The Ravens converted just 4 of 13 third-down attempts. They averaged 5.1 yards per play.
The Steelers were 4 of 8 on third downs and averaged 6.2 yards per play.
The one thing Huntley and Brown didn't do was make the big mistake. They didn't turn the ball over. And they won.
• You know your run defense was shoddy when your two leading tacklers in a game were both your safeties.
That was the case in this game for the Steelers, as Minkah Fitzpatrick had 11 tackles and Edmunds had nine.
You show me a game in which a team's two starting safeties combined to make 20 tackles, and I'll show you a team that probably lost.
• So, where do the Steelers go from here?
The modest two-game winning streak they were on might seem all for naught to some, but this is still a team that has won 3 of its past 5 games.
Finishing this season on a winning note would be good.
Hopefully, Pickett is OK. Getting him back and continuing his progression in this rookie season is a big part of this stretch run.
Getting a concussion in the first quarter on a sack by linebacker Roquan Smith was not the introduction to the Steelers-Ravens rivalry Pickett needed.
But if any of the team's other young players had any questions about how physical these games are, they were answered Sunday.
And there are things beyond just Pickett learning that happen in games like these. This isn't the first time this season the defense has failed to close a game out with the opportunity to do so.
"We've got to make those key plays in key moments. That's something we've got to keep working on," Edmunds said. "We have to stay together. It's tough having a losing record right now. We're going to keep on working and come back even harder."
• Rookie George Pickens was targeted with four passes in this game. He had three receptions for 78 yards and drew a pass interference penalty in the end zone on the fourth.
Diontae Johnson was effective in this game, as well, catching six passes for 82 yards.
Steven Sims also had four targets in this game, catching all four for 30 yards. No disrespect to Sims, but Pickens shouldn't be getting the same number of passes thrown his way as Sims.
"I was looking for George," Trubisky said. "(There were) certain things they were doing. I was just playing within each concept that was called, trying to find completions, trying to move the ball down the field. I thought we did a good job moving it. I've got to take care of the football. I'd love to continue to get George involved.
"He's a great talent. We've just got to continue to work on the details and see which ways we can get him the football for sure."

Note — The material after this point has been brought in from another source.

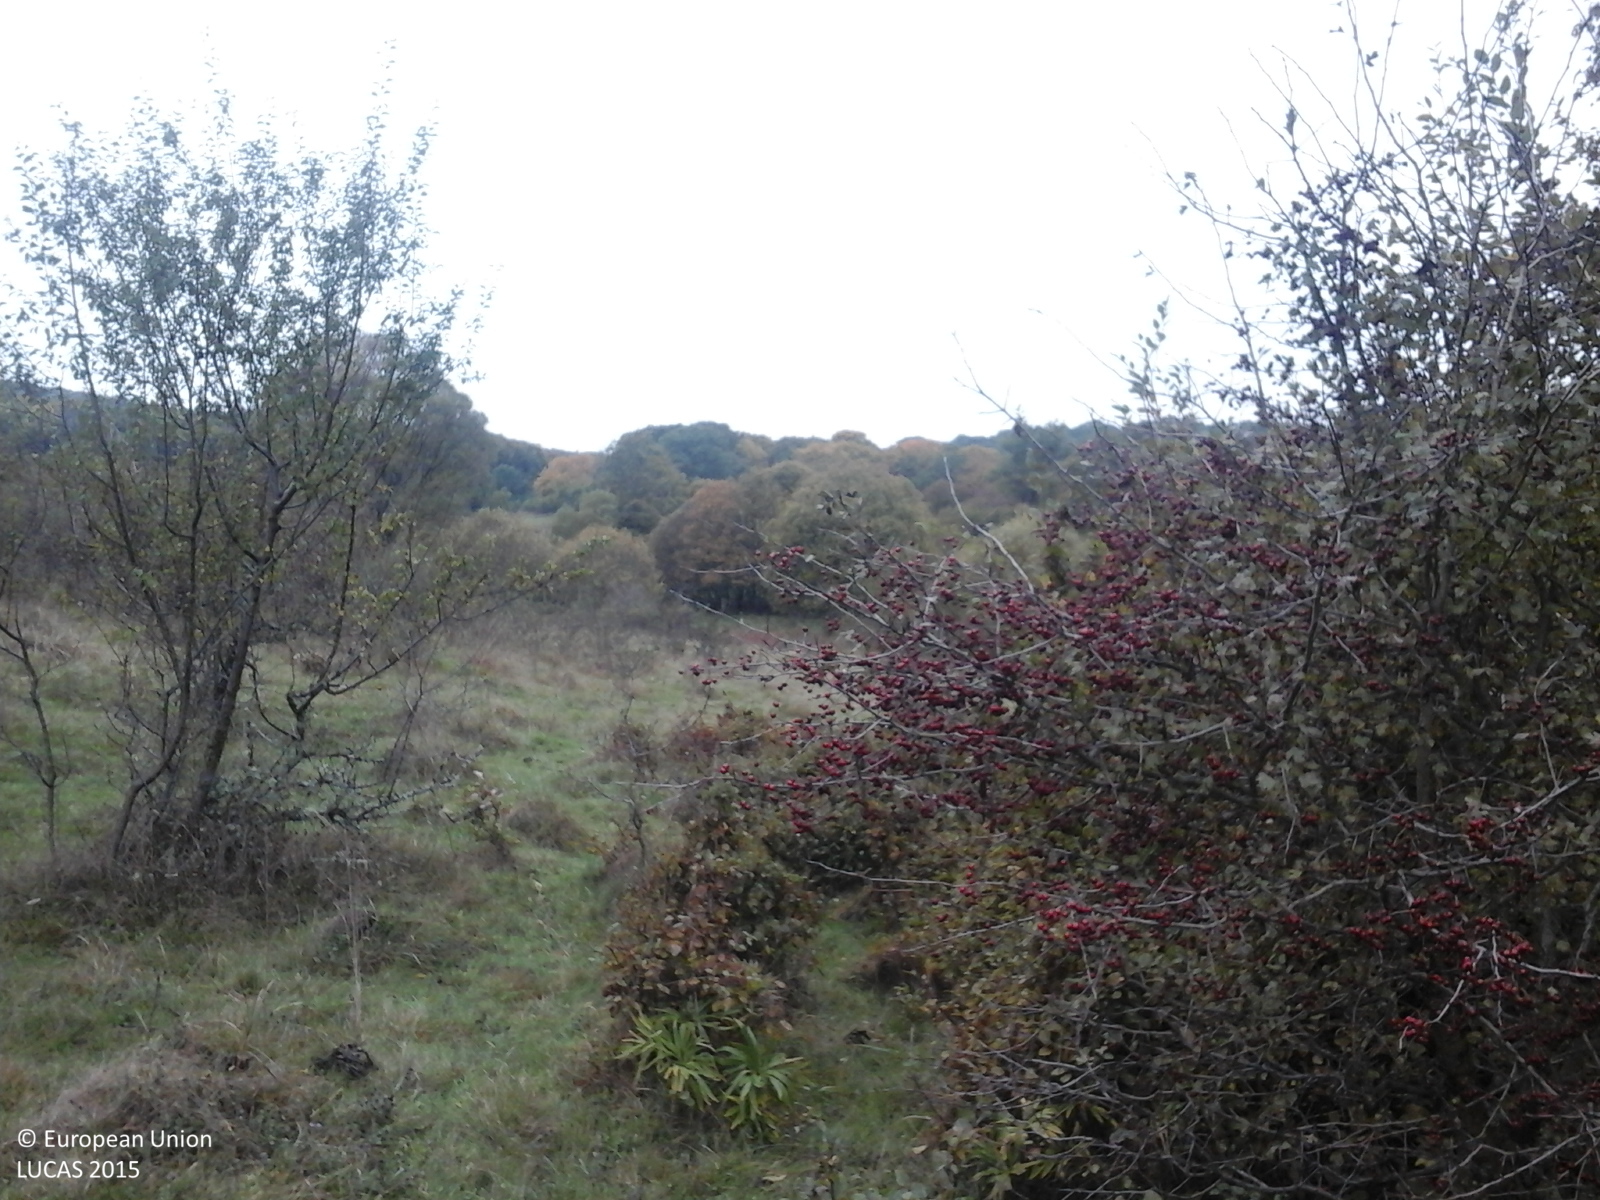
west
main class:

• Dale Lolley is co-host of "SNR Drive" on Steelers Nation Radio. Subscribe to the podcast here: Apple Podcast | iHeart Podcast
• Heyward was pretty ticked after this game – at himself.
On a 44-yard run by Dobbins – easily the biggest play of the game for the Ravens – Heyward was at nose tackle.

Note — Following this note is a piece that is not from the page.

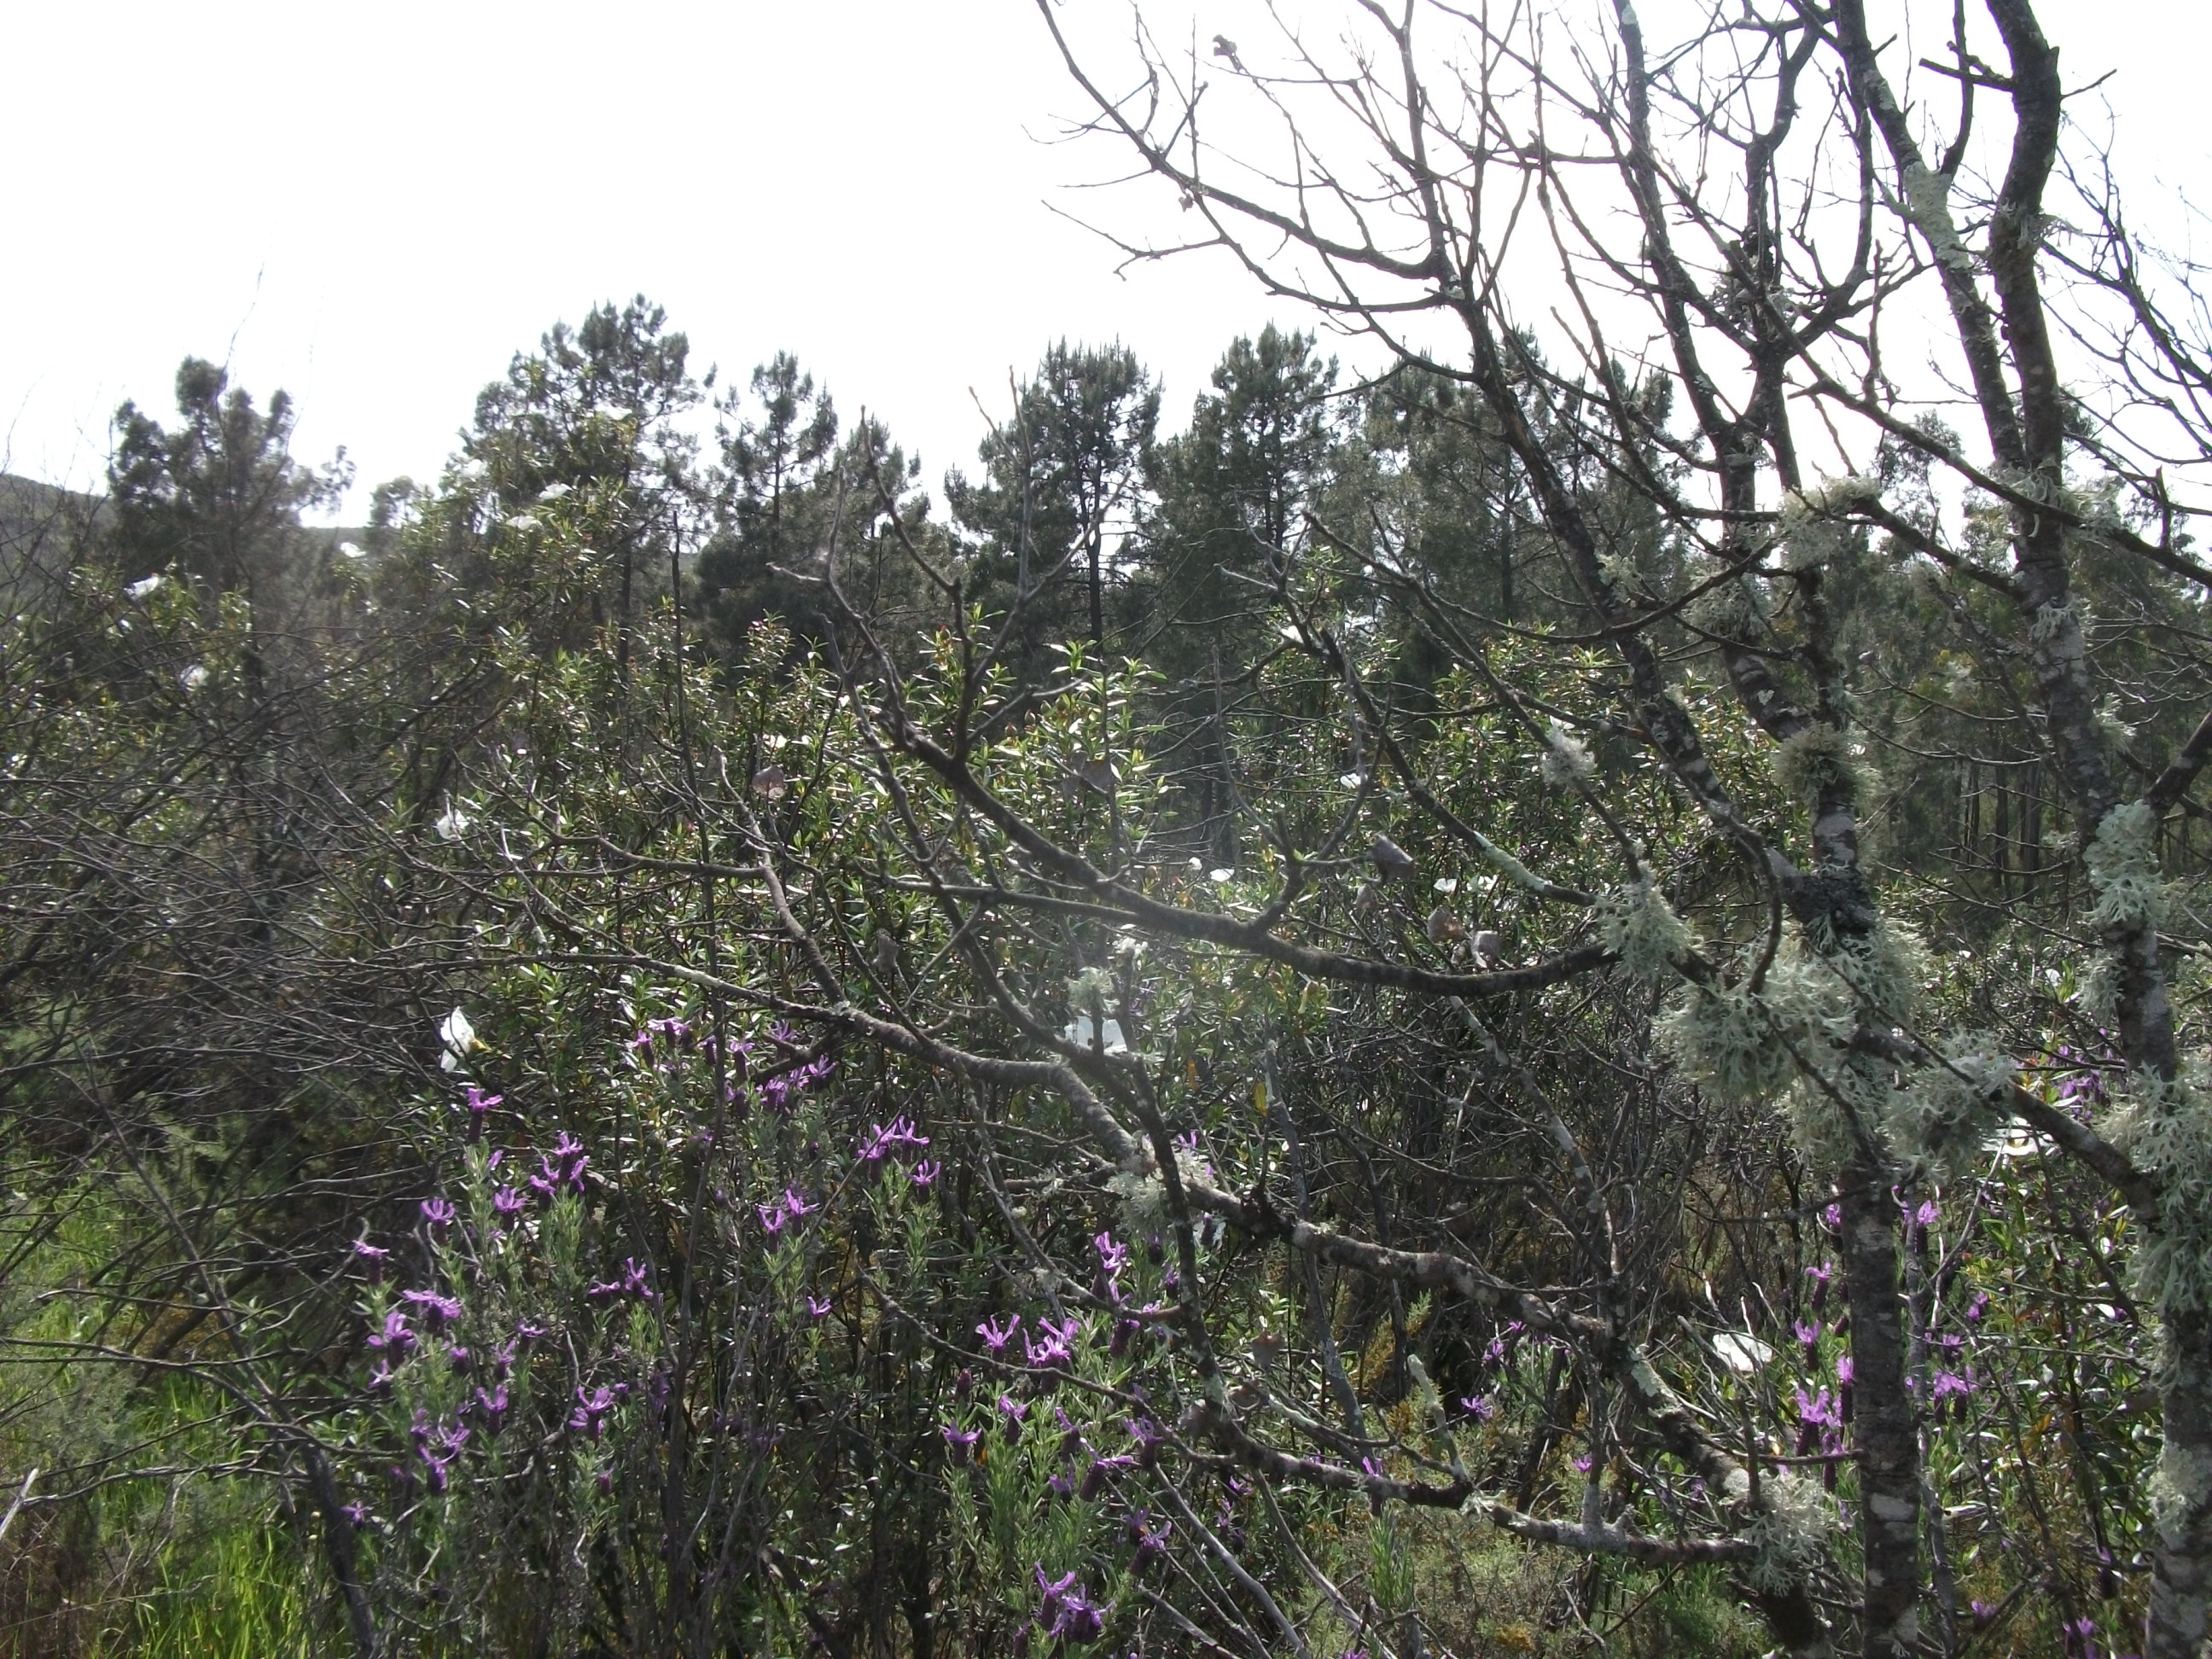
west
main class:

And instead of holding the point, he spun and tried to get into a gap, creating another gap, instead.
"We were expecting something and I did something uncharacteristic," Heyward said. "I just went to the gap instead of getting my hands to him, and it created a seam."

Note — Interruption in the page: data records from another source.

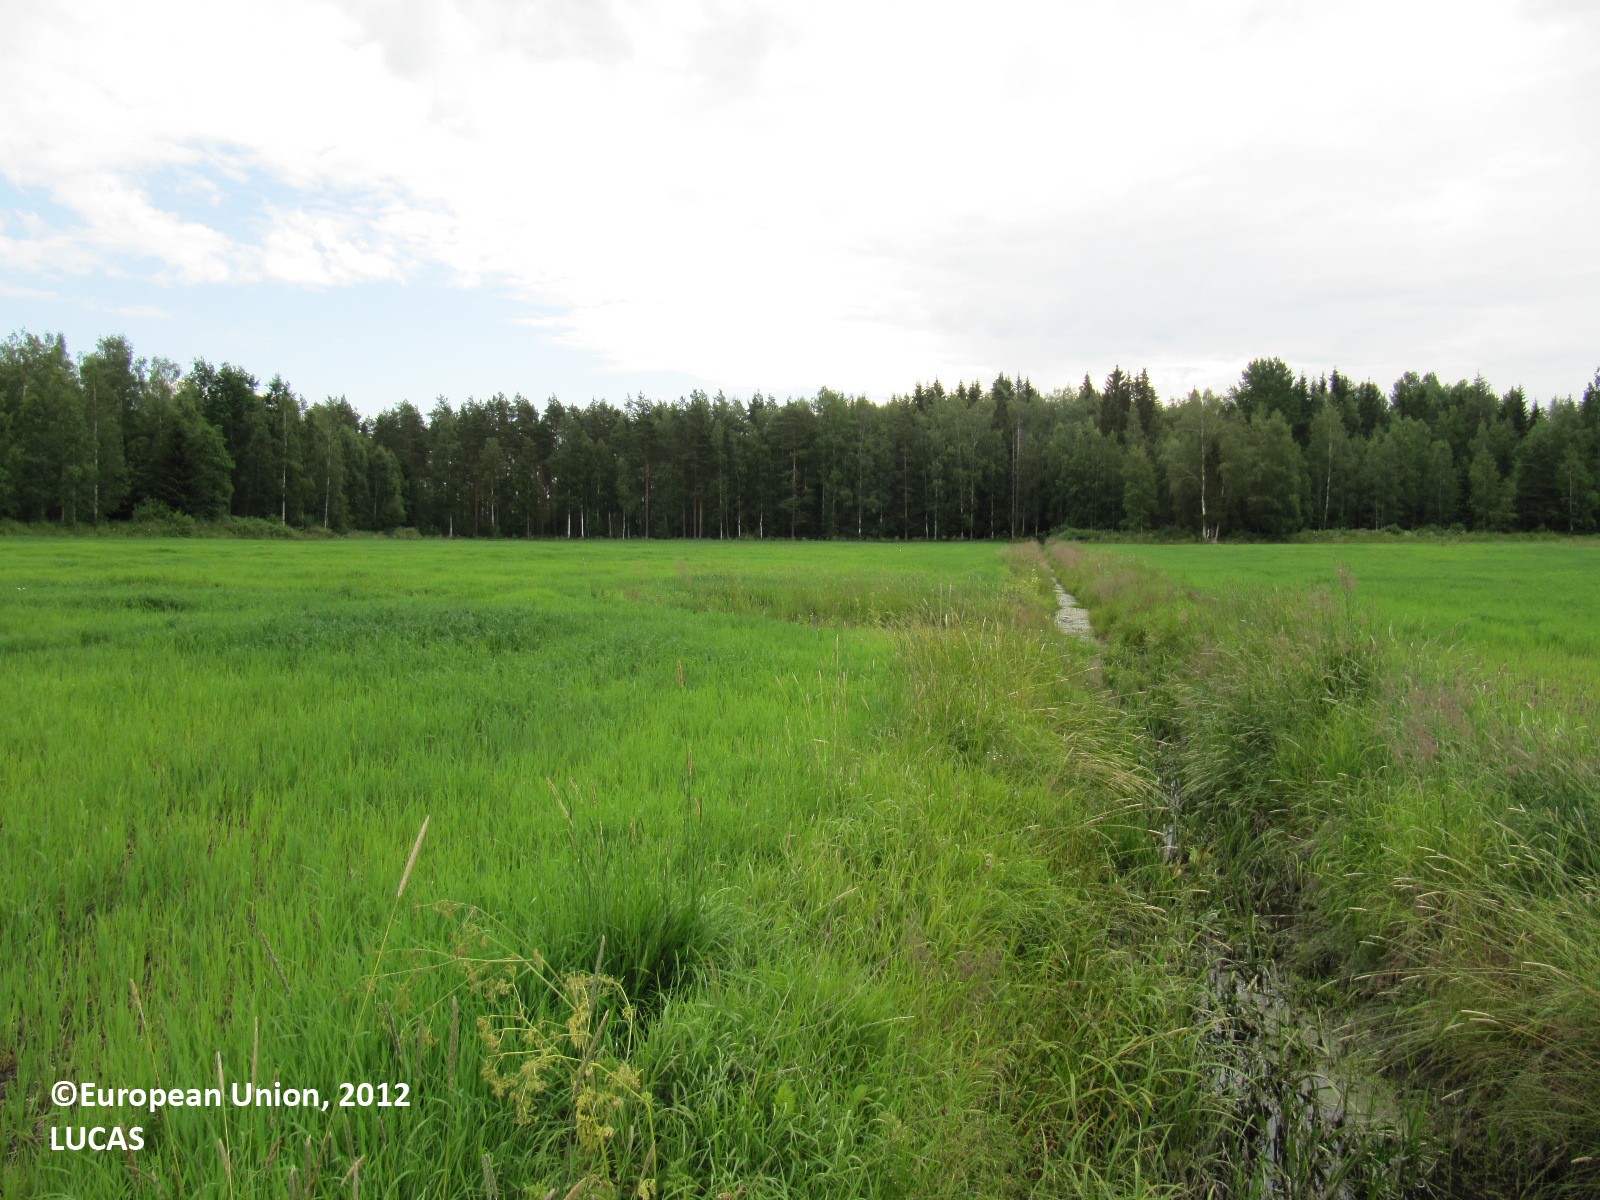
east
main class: Cropland
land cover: Oats
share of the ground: 50 - 75 %
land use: Agriculture (excluding fallow land and kitchen gardens)
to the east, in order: Artificial constructions; Ditches and canals; Oats; Ditches and canals; Spruce dominated mixed woodland
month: July
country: FI
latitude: 60.9057
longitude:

That's typically what happens when the Steelers run defense gets gashed in a game. Players try to do too much or don't get into their gap.
"It's not about how ticked I am. That's not going to solve the problem," Heyward said. "It comes down to what are we going to do to right it. I'm just ticked off at how I played, especially on that long run. It was all my fault."
That might not be entirely true, but point taken. If Heyward can't get mad at himself when he makes a mistake, he also can't get mad at anyone else when they do so.
"I screwed up on numerous plays trying to do too much," Hayward said. "That's what we all did. As a leader, I have to hold myself accountable."